BEGIN MATERIAL TO PROCESS

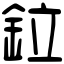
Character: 鉝
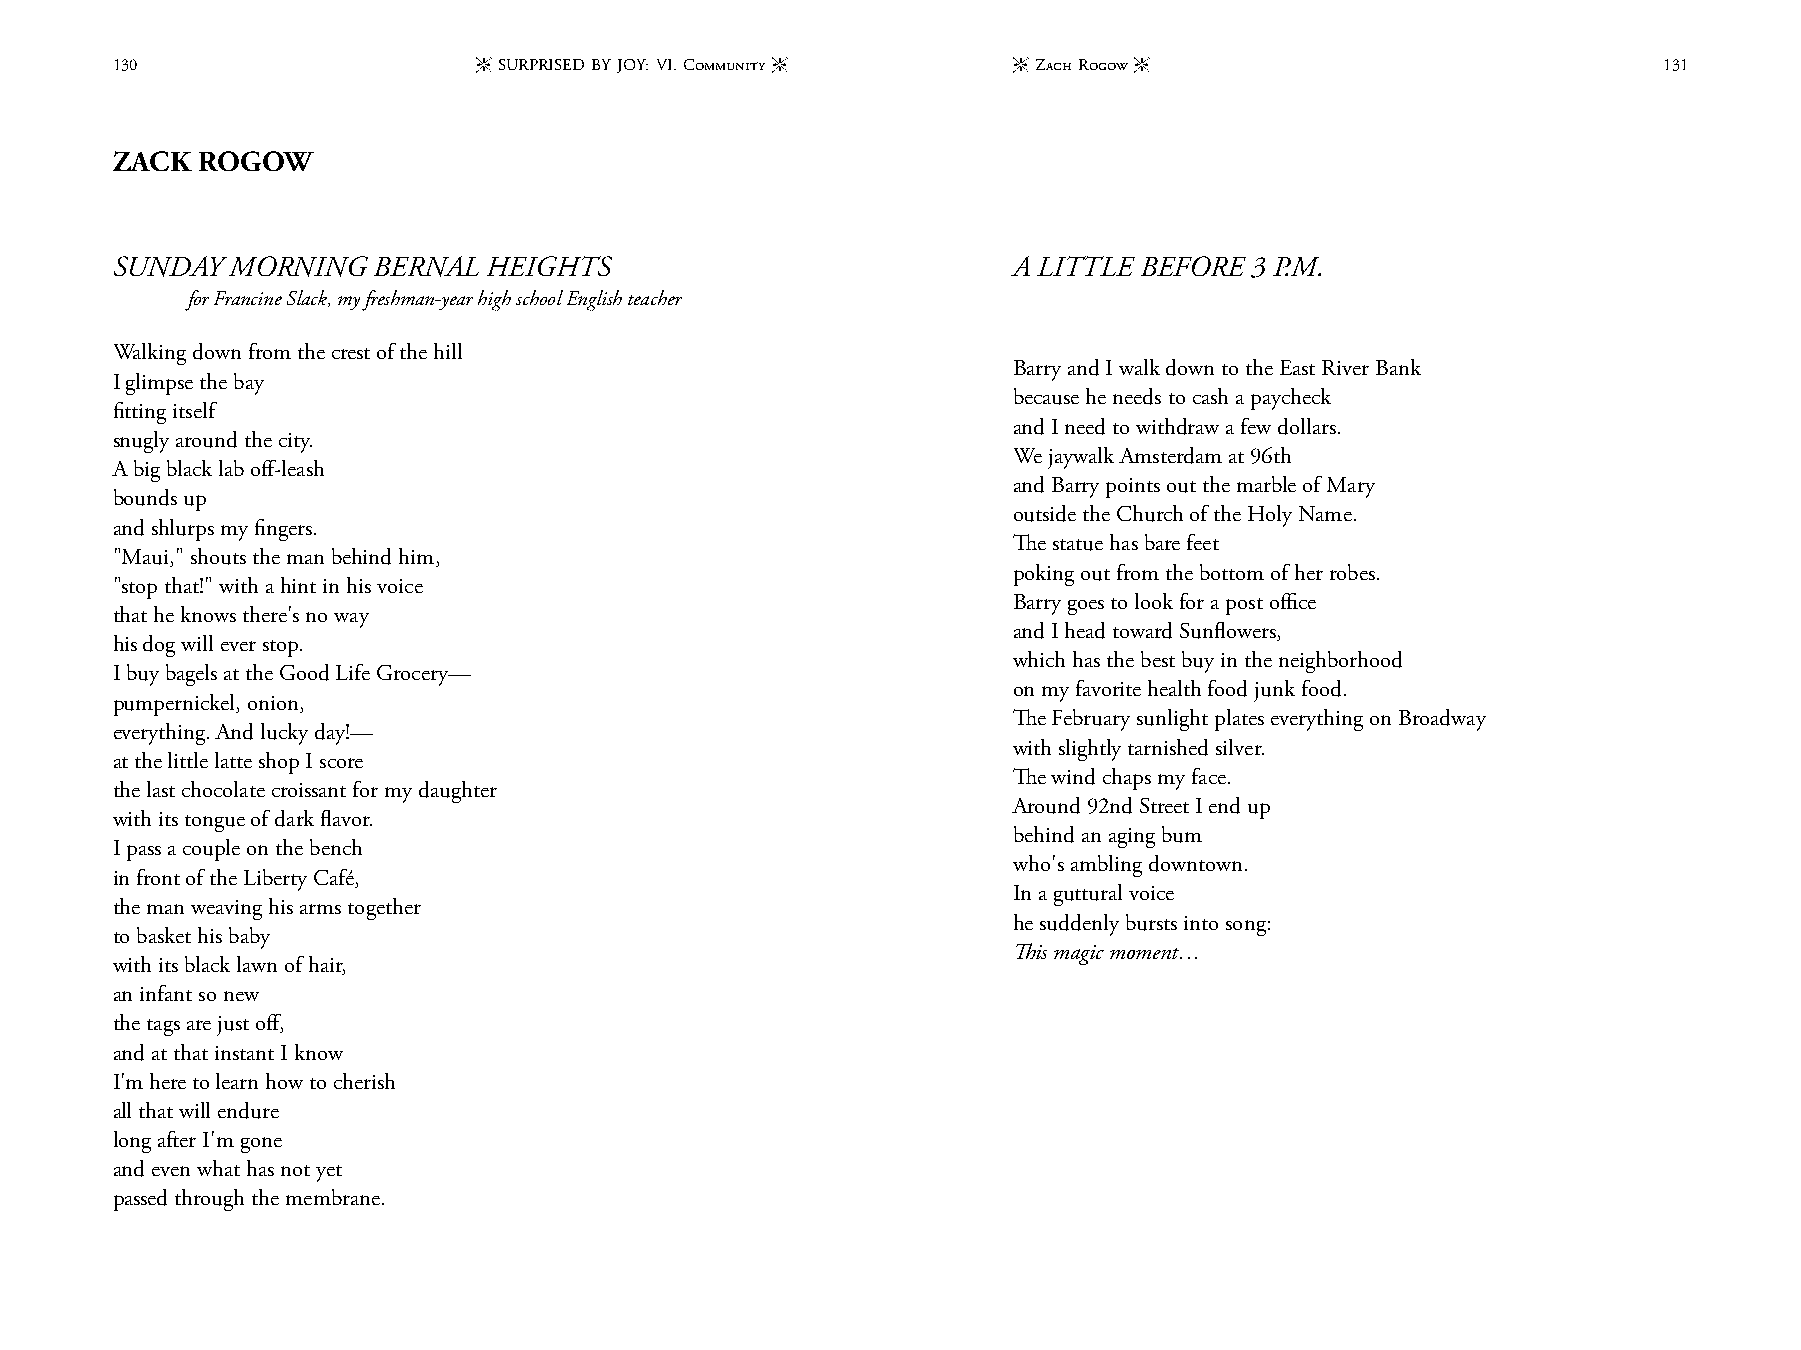
130                      - SURPRISED BY JOY: VI. Community - - Zach Rogow -                            131
 ZACK  ROGOW
 SUNDAY  MORNING   BERNAL HEIGHTS                            A LITTLE BEFORE 3 P.M.
 for Francine Slack, my freshman-year high school English teacher
 Walking down from the crest of the hill
 Barry and I walk down to the East River Bank
 I glimpse the bay
 because he needs to cash a paycheck
 fitting itself
 and I need to withdraw a few dollars.
 snugly around the city.
 We jaywalk Amsterdam at 96th
 A big black lab off-leash
 and Barry points out the marble of Mary
 bounds up
 outside the Church of the Holy Name.
 and shlurps my fingers.
 The statue has bare feet
 "Maui," shouts the man behind him,
 poking out from the bottom of her robes.
 "stop that!" with a hint in his voice
 Barry goes to look for a post office
 that he knows there's no way
 and I head toward Sunflowers,
 his dog will ever stop.
 which has the best buy in the neighborhood
 I buy bagels at the Good Life Grocery—
 on my favorite health food junk food.
 pumpernickel, onion,
 The February sunlight plates everything on Broadway
 everything. And lucky day!—
 with slightly tarnished silver.
 at the little latte shop I score
 The wind chaps my face.
 the last chocolate croissant for my daughter
 Around 92nd Street I end up
 with its tongue of dark flavor.
 behind an aging bum
 I pass a couple on the bench
 who's ambling downtown.
 in front of the Liberty Café,
 In a guttural voice
 the man weaving his arms together
 he suddenly bursts into song:
 to basket his baby
 This magic moment…
 with its black lawn of hair,
 an infant so new
 the tags are just off,
 and at that instant I know
 I'm here to learn how to cherish
 all that will endure
 long after I'm gone
 and even what has not yet
 passed through the membrane.

END MATERIAL TO PROCESS

TASK DIRECTIONS
Retype exactly the lines of the data above that fall between the line with "and Barry points out the marble of Mary" and the line with "and even what has not yet", inclusive, and add nothing.

SOLUTION TO THIS EXERCISE
 and Barry points out the marble of Mary
 bounds up
 outside the Church of the Holy Name.
 and shlurps my fingers.
 The statue has bare feet
 "Maui," shouts the man behind him,
 poking out from the bottom of her robes.
 "stop that!" with a hint in his voice
 Barry goes to look for a post office
 that he knows there's no way
 and I head toward Sunflowers,
 his dog will ever stop.
 which has the best buy in the neighborhood
 I buy bagels at the Good Life Grocery—
 on my favorite health food junk food.
 pumpernickel, onion,
 The February sunlight plates everything on Broadway
 everything. And lucky day!—
 with slightly tarnished silver.
 at the little latte shop I score
 The wind chaps my face.
 the last chocolate croissant for my daughter
 Around 92nd Street I end up
 with its tongue of dark flavor.
 behind an aging bum
 I pass a couple on the bench
 who's ambling downtown.
 in front of the Liberty Café,
 In a guttural voice
 the man weaving his arms together
 he suddenly bursts into song:
 to basket his baby
 This magic moment…
 with its black lawn of hair,
 an infant so new
 the tags are just off,
 and at that instant I know
 I'm here to learn how to cherish
 all that will endure
 long after I'm gone
 and even what has not yet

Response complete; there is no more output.